Indonesia mengalami penjajahan
berabad-abad. Pada masa itu banyak sekali pelanggaran HAM seperti penculikan,
kerja paksa, pembantaian, penyiksaan, pemindasan, kesewang-wenangan yang
merupakan fenomena umum yang terjadi. Tidak ada kebebasan, keadilan, perasaan,
rasa aman, yang terjadi adalah ekploitasi besar-besaran terhadap manusia dan
kekayaan alam Indonesia untuk kepentingan penjajah.
Pada masa penjajahan tersebut, masyarakat Indonesia sendiri dibedakan
menjadi tiga strata sosial, yang terdiri dari masyarakat Eropa sebagai kelas
pertama, masyarakat Timur Asing (China, India, Arab) sebagai kelas kedua dan
masyarakat Inlander sebagai masyarakat kelas tiga. Adanya starat social
tersebut menimbulkan diskriminasi di segala aspek kehidupan seperti aspek
ekonomi, sosial, politik, pendidikan, hukum, hingga budaya. Pola diskriminasi
yang timbul tentu saja tidak mencerminkan nilai-nilai hak asasi manusia yang
ada yang pada akhirnya memicu suatu pergolakan didalam masyarakat itu sendiri
dan mendorong adanya ide universalisme tentang HAM. Realisasi dari ide
universalisme HAM itu sendiri memunculkan 3 generasi, diantaranya:
- Generasi Pertama, perkembangan hak-hak sipil dan politik (seperti: hak untuk hidup, kebebasan dan keamanan pribadi, persamaan hak di depan hukum, hak atas nama baik, hak untuk bebas dari pembatasan bergerak dan berdomisili, hak untuk bebas berpikir, berkeyakinan, dan beragama, kebebasan berbicara, hak atas informasi, hak untuk memilih dan dipilih, hak untuk referendum, dsb).

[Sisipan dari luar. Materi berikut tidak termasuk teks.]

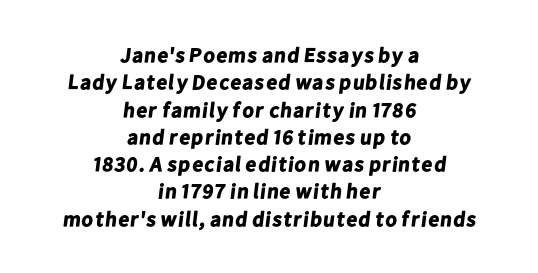
The image shows 21 px bold type; set centered, normal line spacing (1.3x), normal letter spacing, not underlined.
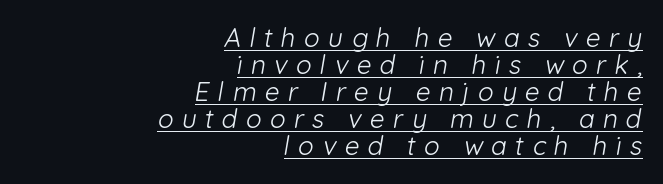
The image shows 26 px text type; set right-aligned, tight line spacing (1.04x), unusually wide letter spacing (+0.32 em), underlined.

- Generasi kedua, perkembangan hak-hak sosial, termasuk hak-hak ekonomi dan budaya (seperti hak untuk bekerja dan mendapatkan upah yang layak, hak untuk mendapat kepastian hukum tentang jam kerja, hak libur, hak melakukan mogok kerja, hak mendapatkan pendidikan, hak untuk melakukan penelitian ilmiah dan melakukan penemuan, dsb).
- Generasi ketiga, perkembangan hak-hak solidaritas/kolektif (seperti: hak untuk melakukan kerjasama dengan berbagai pihak dan mengembangkan dimensi kemanusiaan dalam kehidupan sehari-hari. Contoh yang spesifik dapat ditemukan dalam kerangka bangsa, nasional, etnik, agama, dan budaya minoritas, dalam hubungannya dengan hak atas pembangunan, hak atas perdamaian, hak untuk berbeda bahasa, warna dan berbeda kebudayaan).
Baca Juga : Pengertian dan Konsep Dasar Hak Asasi Manusia (HAM)
Adanya perkembangan dan penyempurnaan nilai-nilai HAM melalui ketiga
generasi tersebut, mencerminkan semua manusia setara hak
asasinya tanpa diskriminasi. HAM juga merupakan suatu sistem nilai yang diakui
secara universal. Dari konsepsi ini muncul pengakuan HAM oleh negara-negara yang memiliki
kewajiban untuk melindungi (to protect), menghormati (to respect), dan
memenuhi (to fullfill) HAM sebagai suatu hak kodrati setiap warga negaranya.